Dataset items
= Beginning of Section =
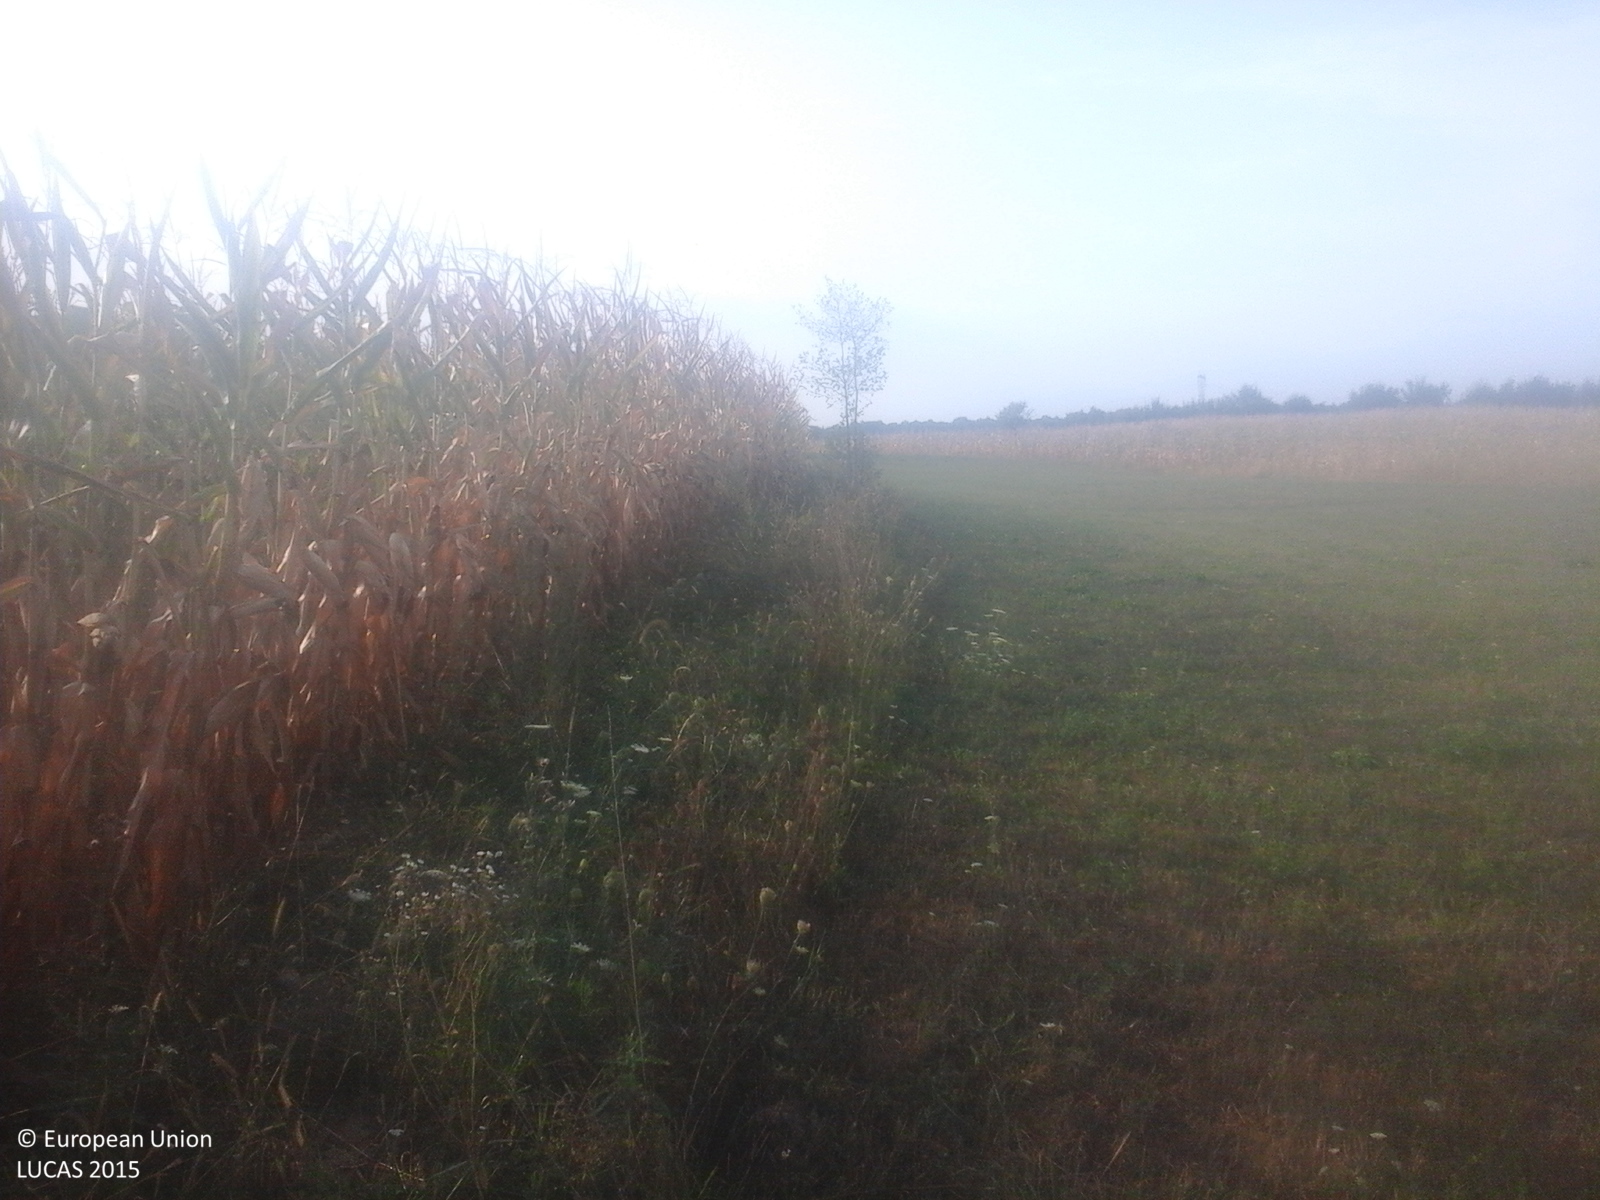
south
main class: Cropland
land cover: Maize
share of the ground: > 75 %
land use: Agriculture (excluding fallow land and kitchen gardens)
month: September
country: RO
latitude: 47.6024
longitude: 23.6848
= End of Section =
* **REQUIREMENT**: The data shown above must be printed again exactly, with no images included.

* **FINAL ANSWER**:
south
main class: Cropland
land cover: Maize
share of the ground: > 75 %
land use: Agriculture (excluding fallow land and kitchen gardens)
month: September
country: RO
latitude: 47.6024
longitude: 23.6848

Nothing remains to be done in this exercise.